Valcas chuckled as he awkwardly reached for me. “You sound eager to meet your father. It’s endearing, and I completely understand, but right now the most important thing is to be safe.”

Part of me cringed inside; yet, some other part of me reacted as if I wanted to give in to a different longing, one that I was certain involved the lonely version of Valcas I’d left back at the White Tower. I inhaled, remembering that Valcas was the same person deep inside regardless of whatever life-changing and hope-jading events he’d experienced. I let him place an arm around me and pull me closer to him.

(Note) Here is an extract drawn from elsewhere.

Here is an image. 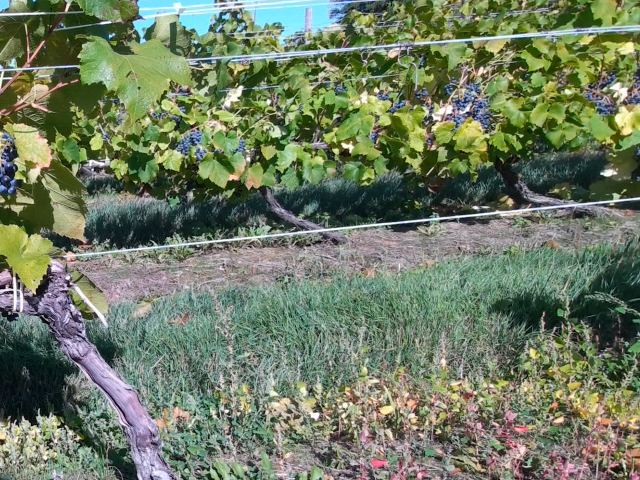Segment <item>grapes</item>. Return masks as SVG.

“In here,” he said. “We’re safe from the Uproar. We just need to make sure there’s nothing else, here on the other side, that would compromise that safety. As for Plaka, I can’t imagine him being in any more danger now than he was before we arrived.”

I sighed, disappointed, and then rolled my eyes. It wasn’t like I could wander off without him. Not now. Noticing that Valcas was not just watching me, but smiling, I smiled back. He was right. Something definitely felt different.

I rinsed my hands in the pool of water and dried them on my jeans. Scooting closer to Valcas, I rested my head on his shoulder. “Thank you for being here with me and for keeping me safe, not just now, but for all of it.”

He tensed, leaving me to wonder whether I’d gone too far. Just because he’d tried to comfort me didn’t mean that he was all head-over-heels for me again. But he’d expressed interest in me before, even when I hadn’t done anything to encourage him. If anything, I’d pushed him away. But, he’d said that he would prove himself to me. I wondered what that meant.

His arm curled tightly around me. “Of course,” he said. “I try not to break my promises.”